In use: “She couldn’t explain it, but her cat’s presence calmed her while enabling deeper thinking and sharper, clearer memories. When she mentioned this to a friend, he smiled. “Zorofloof.” His expression, tone, and soft volume reflected the introduction to something more enigmatic.”
“Keep the change,” he said, turning away from the cashier.
“You always say that,” his friend said as they walked away as the cashier put the coins into the tip jar and said, “Thank you, sir, your order will be right up.”
“Habit.” The other shrugged. “I don’t want change.”
“But it adds up.”
He was about to reply when his friend said, “Hey.”
As he turned, his friend flipped a silver coin at him. He caught it without thinking, mostly as protection to keep it from hitting his face. Within a second, he raised the coin and looked at it. Seeing it was a nineteen seventy-eight quarter, he said, “Fu — ”
Then he was gone.
Puzzled, his friend blinked at the empty space. He’d lost the thread on what he’d been doing. He’d had a quarter and he’d been thinking…something…
Rubbing his head, he tried to remember. There’d been something there, but where that something had been, it seemed like there was now a hole.
Sighing, he told himself, it’ll come back to him. He was getting old and forgetful, like his parents. Turning, he hunted for a table, sure that he’d forgotten something important, growing less certain that it would ever come back.
Hearing unfamiliar banging and creaking sounds, he opened his eyes and found the ceiling.
Pink, and swaying. It felt like he was on a boat. Or would that be a ship?
He closed his eyes. Something was hung. Reboot. Try again.
When he next opened his eyes, he was looking at correctly colored sage green walls. Sunlight was streaming in.
Feeling better, he rose to hit the head and discovered a limp. He’d not had that before. As its presence was being digested, he passed the bathroom mirror.
He was female. Not bad looking, about the correct age, forty-five. Same colored hair. Those were starts to being the right person in the right reality.
More to digest.
He continued to the toilet. His cats and dogs must be out of the house. The primary reasons for keeping them was to help keep reality anchored. It didn’t work, if they weren’t around. Ergo, they weren’t around. That’s why his start-ups were hanging.
As he sat to piss, he considered going back to bed to reboot again, but it was already eight thirty. Time was the one constant that didn’t change when a start-up went awry.

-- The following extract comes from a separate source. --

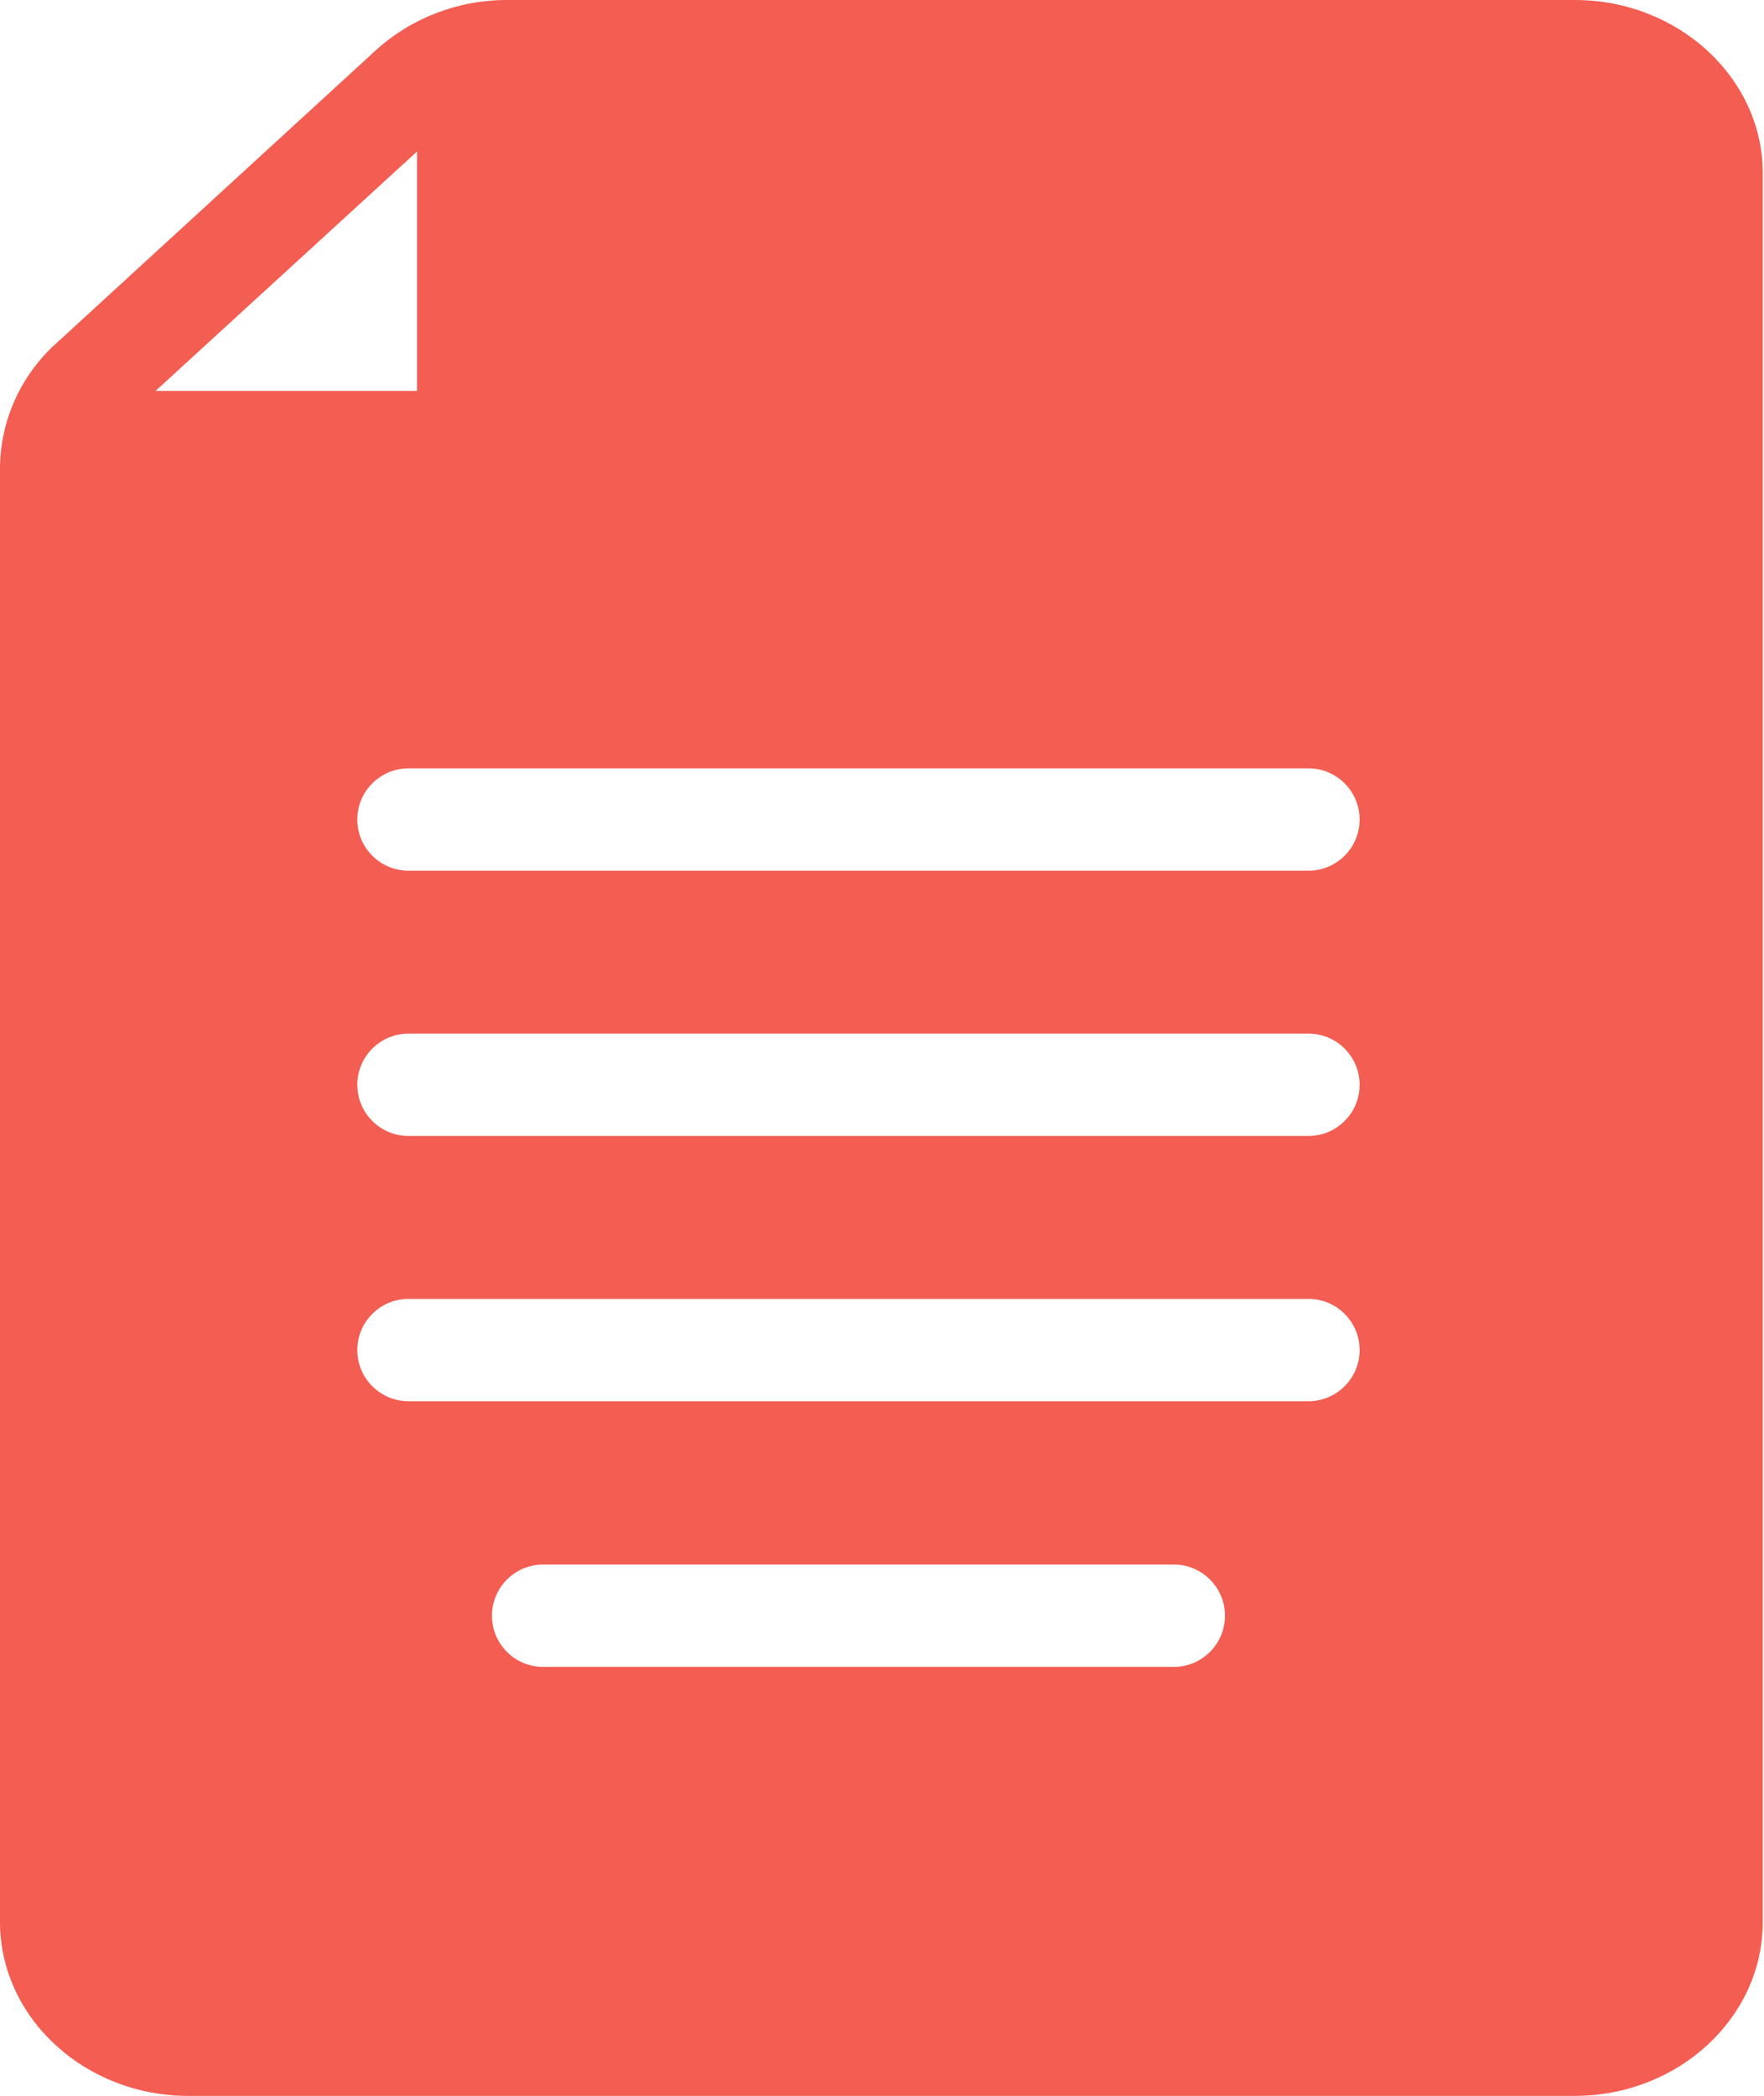 <?xml version="1.0" encoding="UTF-8"?> <svg xmlns="http://www.w3.org/2000/svg" width="431" height="512" viewBox="0 0 431 512" fill="none"><path d="M384.8 0.002H124.2C112.2 -0.098 100.6 4.302 91.8 12.302L13.6 84.002C5.1 91.702 0.1 102.702 0 114.202V469.502C0 492.902 20.7 512.002 46 512.002H384.7C410.1 512.002 430.7 492.902 430.7 469.502V42.502C430.8 19.102 410.1 0.002 384.8 0.002ZM38 95.502L101.9 37.002V95.502H38ZM286.8 407.202H132.7C125.8 407.202 120.2 401.602 120.2 394.702C120.2 387.802 125.8 382.202 132.7 382.202H286.8C293.7 382.202 299.3 387.802 299.3 394.702C299.3 401.602 293.7 407.202 286.8 407.202ZM319.7 342.302H99.8C92.9 342.302 87.3 336.702 87.3 329.802C87.3 322.902 92.9 317.302 99.8 317.302H319.7C326.6 317.302 332.2 322.902 332.2 329.802C332.2 336.702 326.6 342.302 319.7 342.302ZM319.7 277.502H99.8C92.9 277.502 87.3 271.902 87.3 265.002C87.3 258.102 92.9 252.502 99.8 252.502H319.7C326.6 252.502 332.2 258.102 332.2 265.002C332.2 271.902 326.6 277.502 319.7 277.502ZM319.7 212.702H99.8C92.9 212.702 87.3 207.102 87.3 200.202C87.3 193.302 92.9 187.702 99.8 187.702H319.7C326.6 187.702 332.2 193.302 332.2 200.202C332.2 207.102 326.6 212.702 319.7 212.702Z" fill="#F35D52"></path></svg>

Coffee, he decided, wiping, flushing, washing his hands and heading for the kitchen. He thought while popping a K-cup into place, coffee always helped release the hang ups. It was remarkable that way. Once he got the coffee into his system, he’d find the animals and bring them into the house. Then he’d decide. The house seemed correct, as did the reality outside his window. Maybe he’d enjoy being a woman for a day, or take a nap later and reboot.
Sipping the coffee, he smiled. Coffee always helped. If that ever changed, he didn’t know what he would do.